Book - MIT Press
Terrorism, Freedom, and Security: Winning without War
"Philip Heymann has shown again in Terrorism, Freedom, and Security why he is one of the leading thinkers in the world on the subject of terrorism. In this brief but extraordinary book, he has laid out the old and the new, the problems and the pitfalls, the challenges and the opportunities. He has given us a sober and broad set of responses, but clearly pointed out that there are no silver bullets. And most importantly, he has reminded us that we must not forfeit our democratic values in defense of our democracy."
--Rand Beers, former Special Assistant to the President and Senior Director for Combating Terrorism, National Security Council, 2002-2003
"Terrorism, Freedom, and Security presents a powerful argument that not only explains why declaring a 'war' on terrorism was unwise but also presents a compelling case for relying on intelligence and law enforcement rather than military force and coercion. Phil Heymann is unequivocal in his defense of democratic values as the core of an effective American national policy for preventing terrorism. His book, grounded in knowledge of American policy as well as the experiences of other countries, is an essential foundation for the public debate we must have about the costs and benefits of alternative strategies for combating terrorism."
--Martha Crenshaw, Colin and Nancy Campbell Professor of Global Issues and Democratic Thought, Wesleyan University
"Professor Heymann's cool-headed and incisive analysis offers sane and sensible guidelines for coping with terrorism without losing the cherished principles of a democratic society. This book is must reading for decision makers and the general public alike."

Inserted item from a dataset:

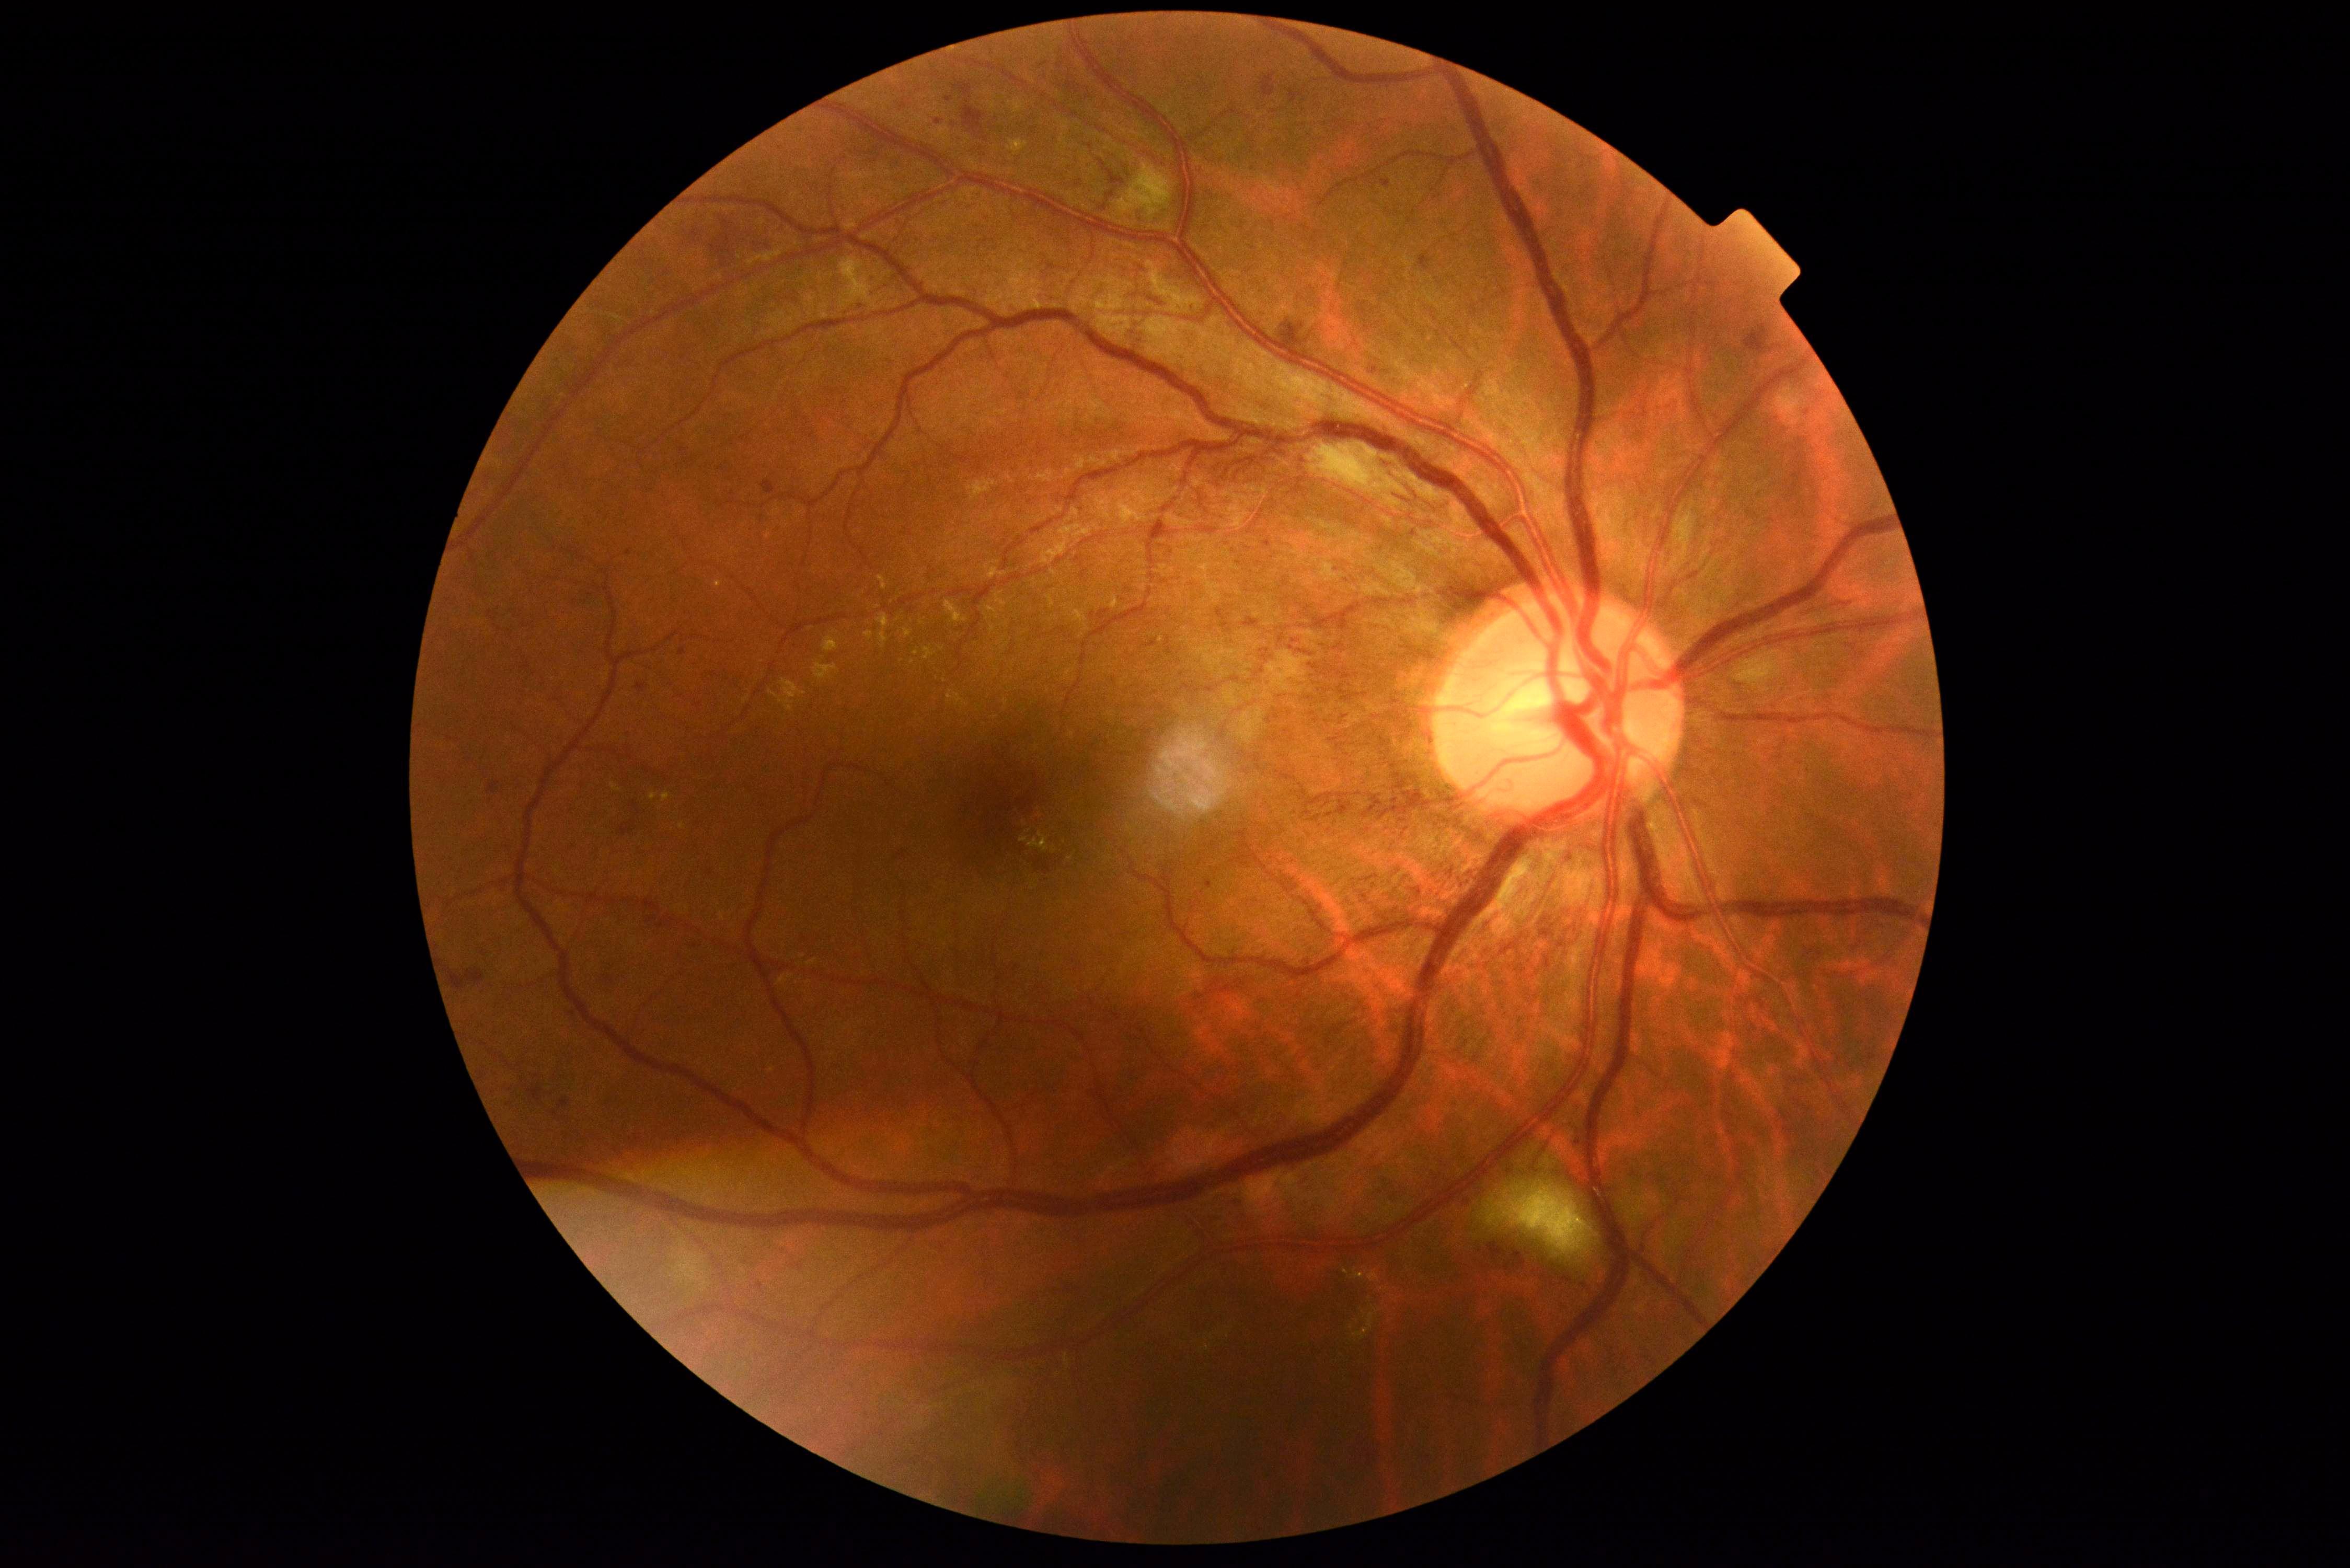 Annotations:
• DR stage — 3/4

--Ariel Merari, Head of the Political Violence Research Unit, Tel Aviv University
On September 11, 2001, the United States began to consider the terrorist threat in a new light. Terrorism was no longer something that happened in other countries on other continents but became a pressing domestic concern for the US government and American citizens. The nation suddenly faced a protracted struggle.
In Terrorism, Freedom, and Security, Philip Heymann continues the discussion of responses to terrorism that he began in his widely read Terrorism and America. He argues that diplomacy, intelligence, and international law should play a larger role than military action in our counterterrorism policy; instead of waging "war" against terrorism, the United States needs a broader range of policies. Heymann believes that many of the policies adopted since September 11 -- including trials before military tribunals, secret detentions, and the subcontracting of interrogation to countries where torture is routine -- are at odds with American political and legal traditions and create disturbing precedents. Americans should not be expected to accept apparently indefinite infringements on civil liberties and the abandonment of such constitutional principles as separation of powers and the rule of law. Heymann believes that the United States can guard against the continuing threat of terrorism while keeping its traditional democratic values in place.
Philip B. Heymann is James Barr Ames Professor of Law at the Harvard Law School. From his first job as clerk to US Supreme Court Justice John Harlan to his post as Deputy US Attorney General (1993-1994), Heymann has spent much of his career in government. A former Fulbright Scholar with degrees from Yale University, Harvard Law School, and the Sorbonne, he has been Assistant US Attorney General in charge of the criminal division (1978-1981) and Assistant to the Solicitor General in the Justice Department, Acting Administrator of the State Department's Bureau of Security and Consular Affairs, Deputy Assistant Secretary of State for the Bureau of International Organizations, and Executive Assistant to the Undersecretary of State. In addition, he was a former Associate Prosecutor and Consultant to the Watergate Special Force. He is the author of Terrorism, Freedom, and Security: Winning without War (MIT Press, 2003).